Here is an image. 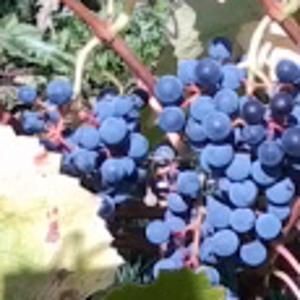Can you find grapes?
Masks as SVG:
<instances>
[{
    "label": "grapes",
    "instance_id": "obj_2",
    "mask_svg": "<svg viewBox=\"0 0 300 300\" xmlns=\"http://www.w3.org/2000/svg\"><path fill=\"white\" fill-rule=\"evenodd\" d=\"M45 112L32 110L20 118L25 135L40 133L41 142L52 155H62L60 170L71 178L94 180L104 185L98 193V216L110 219L117 206L131 200L121 189L138 174L136 162L151 150L143 135L142 110L149 103V91L136 87L121 93L108 87L95 97L67 78H54L46 86Z\"/></svg>",
    "mask_w": 300,
    "mask_h": 300
},
{
    "label": "grapes",
    "instance_id": "obj_1",
    "mask_svg": "<svg viewBox=\"0 0 300 300\" xmlns=\"http://www.w3.org/2000/svg\"><path fill=\"white\" fill-rule=\"evenodd\" d=\"M208 54L182 59L176 76L152 86L165 105L158 128L178 135L151 163L177 169L163 218L146 224L144 239L169 256L154 263V277L197 270L218 286L223 257L265 263L300 191V65L282 58L275 74L247 80L243 66L226 62L234 56L228 37L213 36Z\"/></svg>",
    "mask_w": 300,
    "mask_h": 300
}]
</instances>
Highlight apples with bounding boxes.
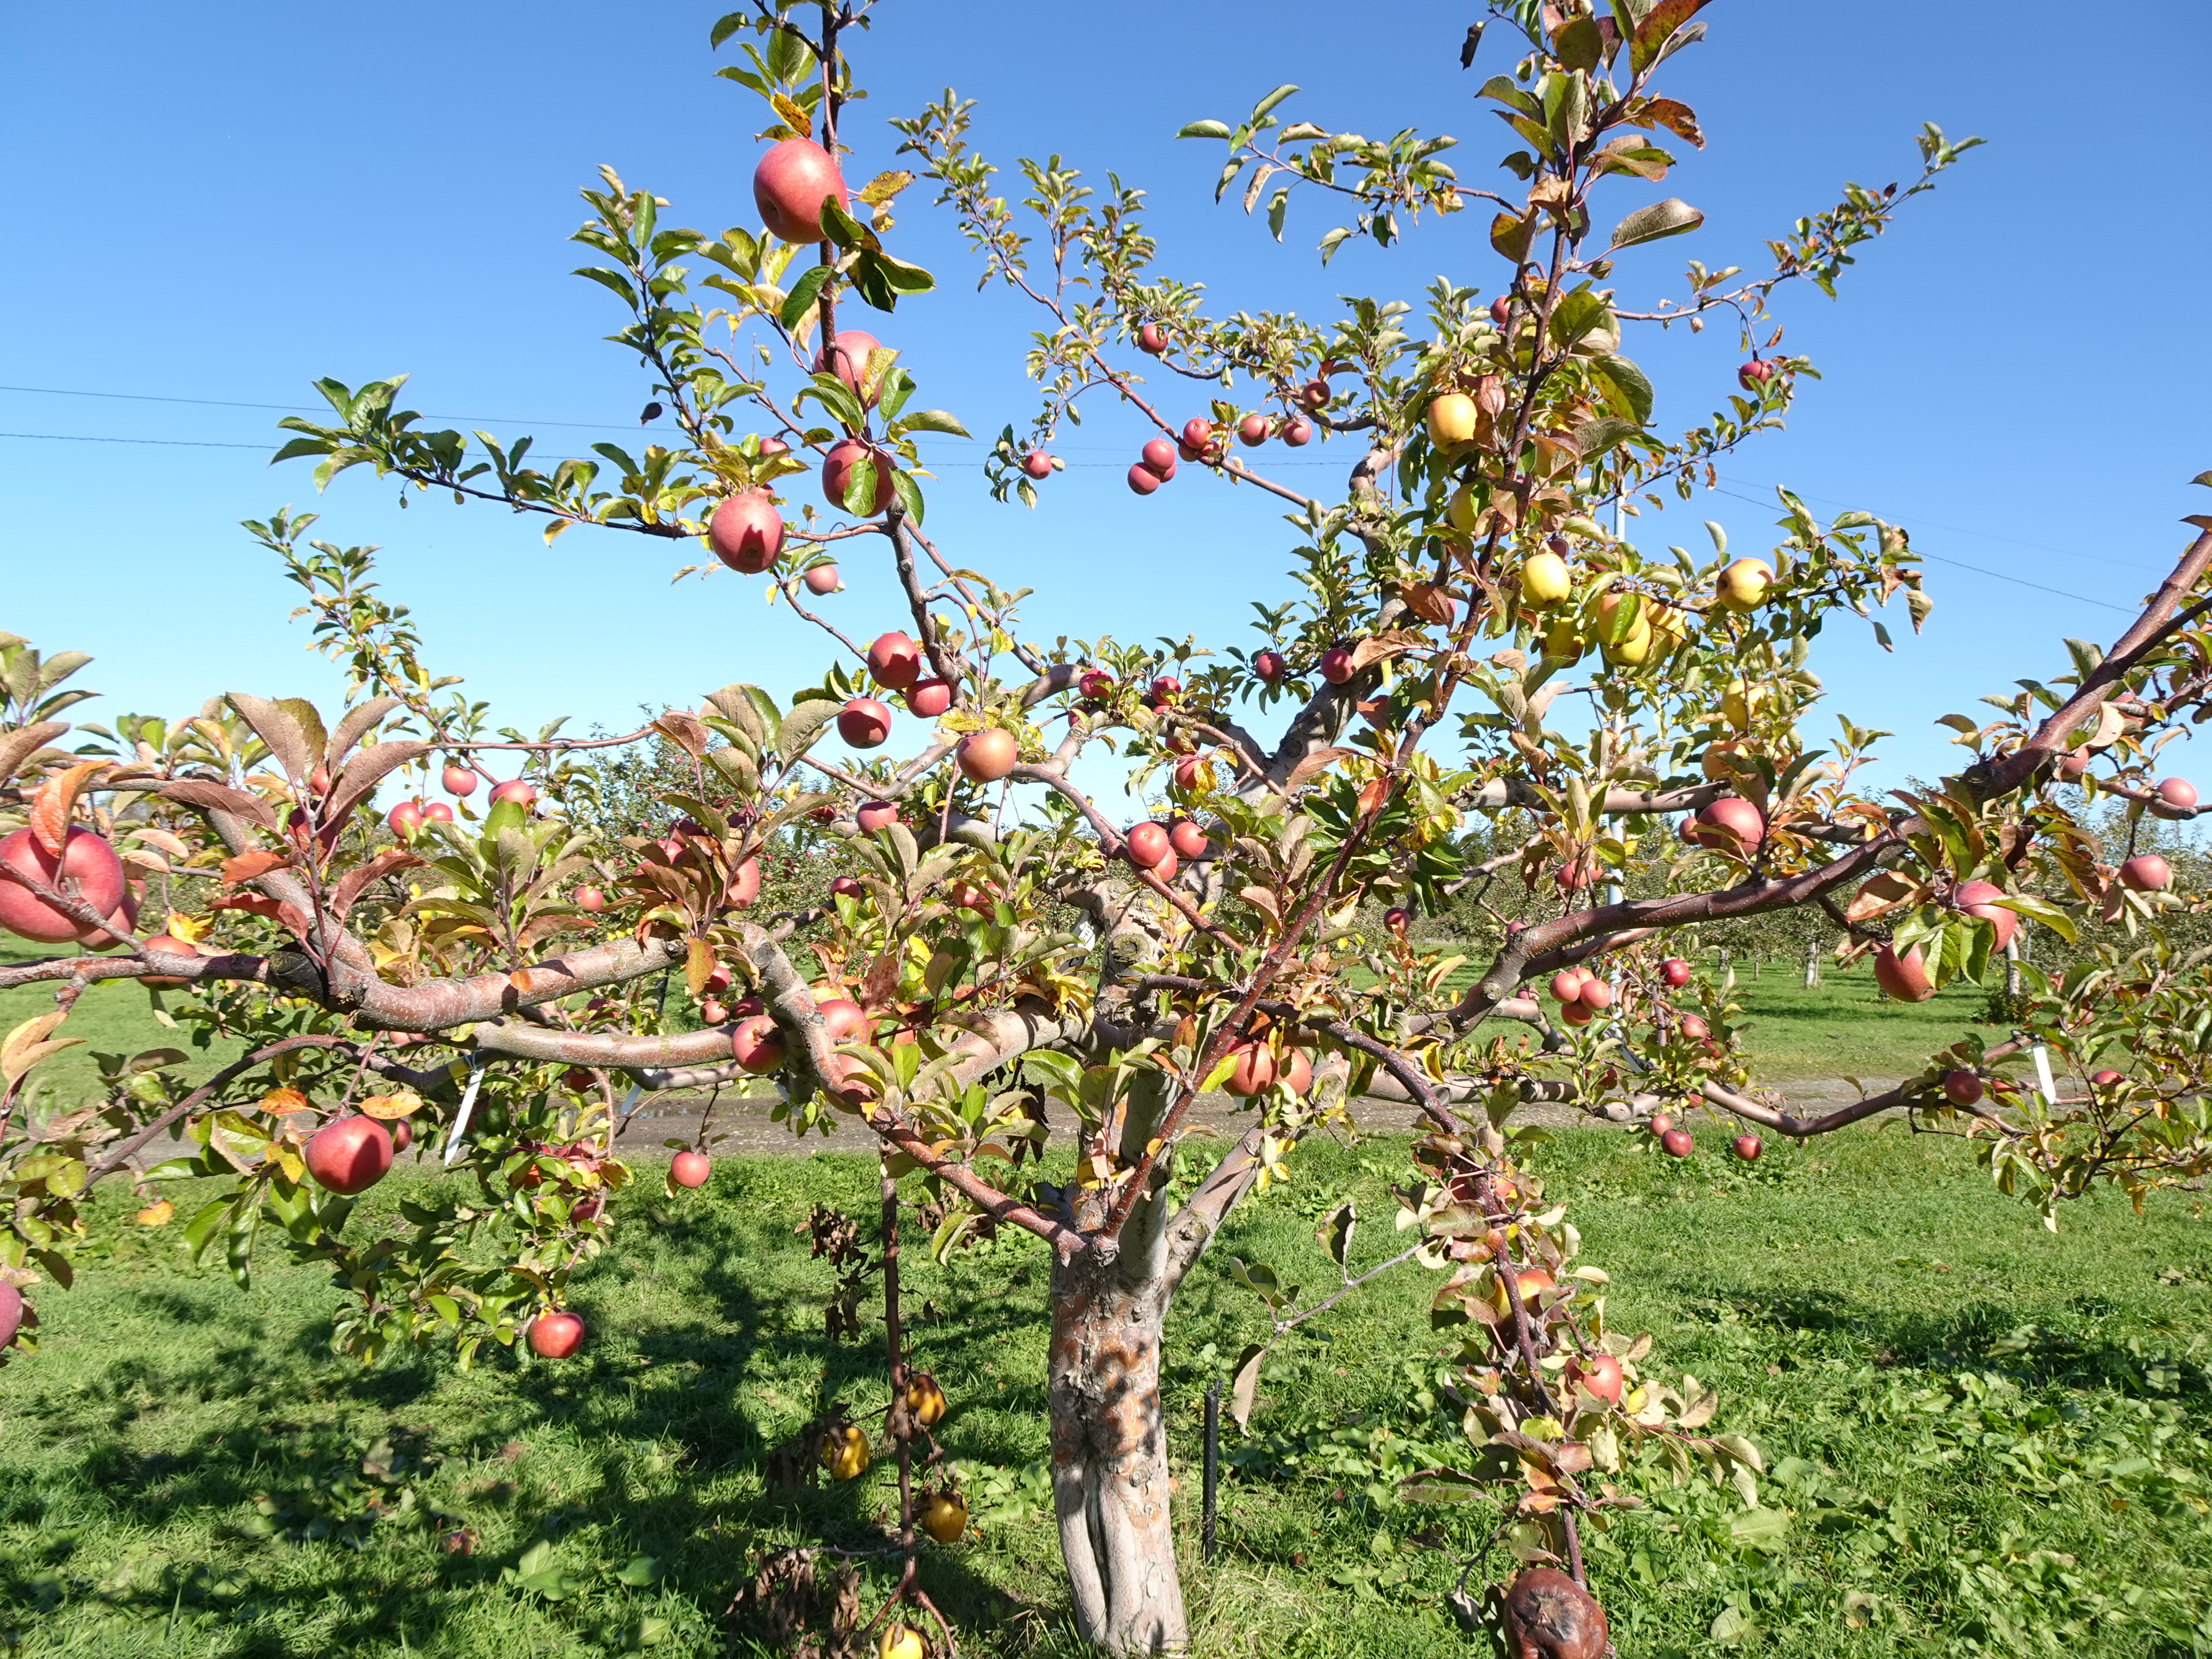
[738,808,755,826]
[837,698,891,749]
[1679,817,1700,845]
[1158,461,1176,482]
[1127,462,1160,495]
[1148,844,1178,882]
[1874,943,1935,1003]
[2147,777,2197,820]
[675,896,684,906]
[1722,680,1771,730]
[488,780,535,809]
[1546,538,1569,560]
[962,888,979,907]
[1702,1034,1727,1060]
[1564,1355,1623,1406]
[1142,439,1175,472]
[1,825,126,943]
[1567,967,1595,986]
[1079,669,1114,700]
[1738,360,1771,391]
[700,1000,727,1026]
[1597,1067,1617,1090]
[1024,451,1051,479]
[1175,754,1204,790]
[975,881,1012,920]
[703,966,730,994]
[455,1104,488,1132]
[1991,1080,2019,1107]
[668,819,694,847]
[1955,880,2016,955]
[587,998,618,1020]
[1717,557,1776,613]
[822,439,898,518]
[2110,694,2145,728]
[1596,593,1646,645]
[1733,1136,1761,1161]
[1165,737,1199,756]
[1572,1069,1592,1080]
[1585,560,1609,574]
[1199,441,1221,456]
[442,766,477,797]
[1139,323,1168,354]
[655,840,683,865]
[1516,986,1540,1000]
[1557,859,1587,890]
[1178,441,1200,461]
[389,1031,430,1044]
[393,1118,412,1154]
[1685,1093,1703,1108]
[75,894,137,952]
[1697,798,1764,860]
[1267,943,1296,958]
[734,997,764,1019]
[305,1114,394,1196]
[1265,1046,1312,1099]
[1580,979,1611,1010]
[1446,1158,1516,1200]
[815,999,869,1044]
[1520,553,1571,611]
[633,861,657,895]
[814,330,884,410]
[907,1374,946,1425]
[1320,648,1353,684]
[727,857,760,910]
[867,1007,914,1056]
[1659,960,1689,990]
[824,1426,869,1480]
[709,494,784,574]
[753,138,848,244]
[553,1141,603,1192]
[1238,415,1269,446]
[1127,822,1168,867]
[1549,973,1581,1003]
[1678,1015,1707,1046]
[1282,419,1311,447]
[570,1195,602,1228]
[1483,1269,1555,1348]
[1507,922,1528,934]
[565,1068,595,1094]
[760,437,789,458]
[830,876,861,903]
[805,564,837,596]
[0,1280,23,1353]
[1302,380,1330,409]
[868,632,920,690]
[1183,418,1212,449]
[923,1489,968,1543]
[1169,806,1194,829]
[1660,1129,1692,1158]
[424,803,453,821]
[1426,393,1478,455]
[2059,744,2089,779]
[126,879,147,909]
[1561,996,1592,1027]
[1068,705,1088,727]
[1540,617,1585,668]
[1645,602,1688,651]
[857,800,897,838]
[905,678,950,718]
[309,766,332,796]
[1152,705,1179,715]
[2091,1070,2125,1087]
[135,935,197,991]
[2120,855,2167,892]
[907,817,913,825]
[1602,619,1651,667]
[1170,822,1207,859]
[503,1143,552,1190]
[1496,322,1521,337]
[574,886,604,913]
[528,1309,584,1359]
[808,805,836,824]
[732,1015,784,1075]
[1255,652,1284,683]
[819,1047,887,1114]
[890,801,910,825]
[1490,295,1511,323]
[750,483,775,500]
[1701,740,1749,782]
[879,1622,923,1659]
[1500,519,1513,536]
[388,802,423,838]
[1221,1036,1280,1097]
[1945,1071,1983,1106]
[1151,676,1181,705]
[1503,1567,1607,1659]
[1383,908,1411,934]
[1649,1115,1671,1137]
[1589,865,1601,882]
[671,1151,709,1188]
[1439,384,1461,394]
[1086,849,1109,872]
[956,727,1017,784]

********************

EXERCISE
Look for the string "white" in the entries above. Copy every line that has it.

RESULT FOR THIS EXERCISE
    "mask_svg": "<svg viewBox=\"0 0 300 300\" xmlns=\"http://www.w3.org/2000/svg\"><path fill=\"white\" fill-rule=\"evenodd\" d=\"M45 112L32 110L20 118L25 135L40 133L41 142L52 155H62L60 170L71 178L94 180L104 185L98 193V216L110 219L117 206L131 200L121 189L138 174L136 162L151 150L143 135L142 110L149 103V91L136 87L121 93L108 87L95 97L67 78H54L46 86Z\"/></svg>",
    "mask_svg": "<svg viewBox=\"0 0 300 300\" xmlns=\"http://www.w3.org/2000/svg\"><path fill=\"white\" fill-rule=\"evenodd\" d=\"M208 54L182 59L176 76L152 86L165 105L158 128L178 135L151 163L177 169L163 218L146 224L144 239L169 256L154 263V277L197 270L218 286L223 257L265 263L300 191V65L282 58L275 74L247 80L243 66L226 62L234 56L228 37L213 36Z\"/></svg>",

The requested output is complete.